Fin de l'affaire opposant les deux fils de Philippe de Villiers

(Maxppp)

La Cour de cassation a rejeté ce mardi le pourvoi formé par Laurent de Villiers, fils du député européen Philippe de Villiers, contre le non-lieu dont avait bénéficié son frère, Guillaume, en 2012, qu'il accuse de l'avoir violé dans leur enfance. La première plainte avait été déposée en 2006. C'est donc la fin d'une saga judiciaire qui a déchiré la famille.

La Cour de cassation ne trouve donc rien à redire au non-lieu prononcé le 2 octobre 2012 par la chambre de l'instruction de la cour d'appel de Lyon, en faveur de Guillaume de Villiers, accusé de viol par son jeune frère Laurent, âgé aujourd'hui de 29 ans. 

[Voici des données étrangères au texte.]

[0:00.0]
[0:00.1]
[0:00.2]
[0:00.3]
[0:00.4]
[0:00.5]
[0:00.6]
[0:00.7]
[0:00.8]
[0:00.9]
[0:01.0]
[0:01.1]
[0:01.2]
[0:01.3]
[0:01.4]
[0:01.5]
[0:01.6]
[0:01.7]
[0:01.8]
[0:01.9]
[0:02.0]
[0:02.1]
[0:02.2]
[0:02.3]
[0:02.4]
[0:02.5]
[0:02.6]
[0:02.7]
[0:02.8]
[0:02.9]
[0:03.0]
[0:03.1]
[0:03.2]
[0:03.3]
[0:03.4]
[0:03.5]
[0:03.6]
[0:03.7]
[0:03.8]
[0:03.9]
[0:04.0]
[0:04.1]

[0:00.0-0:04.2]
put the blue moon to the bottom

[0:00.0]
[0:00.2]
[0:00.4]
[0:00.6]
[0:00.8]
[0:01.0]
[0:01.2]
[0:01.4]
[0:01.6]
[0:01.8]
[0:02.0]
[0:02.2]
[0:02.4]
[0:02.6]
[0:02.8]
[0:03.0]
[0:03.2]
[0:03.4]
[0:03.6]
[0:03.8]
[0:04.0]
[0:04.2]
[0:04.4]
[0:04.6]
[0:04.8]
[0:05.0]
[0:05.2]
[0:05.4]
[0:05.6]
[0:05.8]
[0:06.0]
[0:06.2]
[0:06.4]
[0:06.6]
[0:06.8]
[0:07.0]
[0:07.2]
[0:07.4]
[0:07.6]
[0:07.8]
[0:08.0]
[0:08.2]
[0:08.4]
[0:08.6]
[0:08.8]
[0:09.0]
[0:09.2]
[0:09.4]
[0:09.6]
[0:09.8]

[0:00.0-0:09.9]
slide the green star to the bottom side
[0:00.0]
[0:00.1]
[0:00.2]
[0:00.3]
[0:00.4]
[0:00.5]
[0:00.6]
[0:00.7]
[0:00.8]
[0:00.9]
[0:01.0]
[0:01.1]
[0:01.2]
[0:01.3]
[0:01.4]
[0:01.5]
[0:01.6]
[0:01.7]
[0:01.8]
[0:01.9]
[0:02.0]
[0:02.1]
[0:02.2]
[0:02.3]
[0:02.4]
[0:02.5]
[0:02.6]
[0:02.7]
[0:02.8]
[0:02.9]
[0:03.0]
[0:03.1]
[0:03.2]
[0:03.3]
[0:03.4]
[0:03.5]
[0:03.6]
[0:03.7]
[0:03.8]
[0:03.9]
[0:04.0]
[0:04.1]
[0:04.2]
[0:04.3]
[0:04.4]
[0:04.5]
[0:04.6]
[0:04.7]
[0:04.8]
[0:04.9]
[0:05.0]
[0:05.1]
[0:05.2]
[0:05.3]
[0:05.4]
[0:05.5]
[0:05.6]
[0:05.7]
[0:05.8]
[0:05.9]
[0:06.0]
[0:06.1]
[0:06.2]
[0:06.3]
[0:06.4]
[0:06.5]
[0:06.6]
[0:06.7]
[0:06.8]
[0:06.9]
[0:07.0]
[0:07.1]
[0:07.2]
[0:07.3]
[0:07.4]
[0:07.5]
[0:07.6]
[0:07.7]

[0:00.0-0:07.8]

Ce dernier avait déposé une première plainte en 2006, pour des faits de viols répétés qui se seraient passés entre 1994 et 1997, alors qu'il avait entre 10 et 13 ans. L'année suivante, il avait retiré sa plainte, avant d'accuser à nouveau son frère en 2008. Le 17 décembre 2010, après qu'un juge d'instruction eut renvoyé Guillaume de Villiers devant la cour d'assises, la chambre de l'instruction de la cour d'appel de Versailles prononçait un non-lieu. Non-lieu annulé l'année suivante par la Cour de cassation. Cette fois, la Cour n'a rien trouvé à redire sur la façon dont a été prononcé le dernier non-lieu, celui de 2012.

Cette affaire a évidemment empoisonné les relations au sein de la famille de Villiers. Le frère accusé, Guillaume, avait même demandé "pardon" en 2007. Mais la chambre de l'instruction estime qu'aujourd'hui la plupart des faits délictueux sont prescrits, près de vingt ans plus tard. A la sortie de l'audience, l'avocat de Laurent de Villiers a lâché ces mots lourds de sens : "Dans cette famille, les mots viol ou fellation, personne n'arrive à les dire ".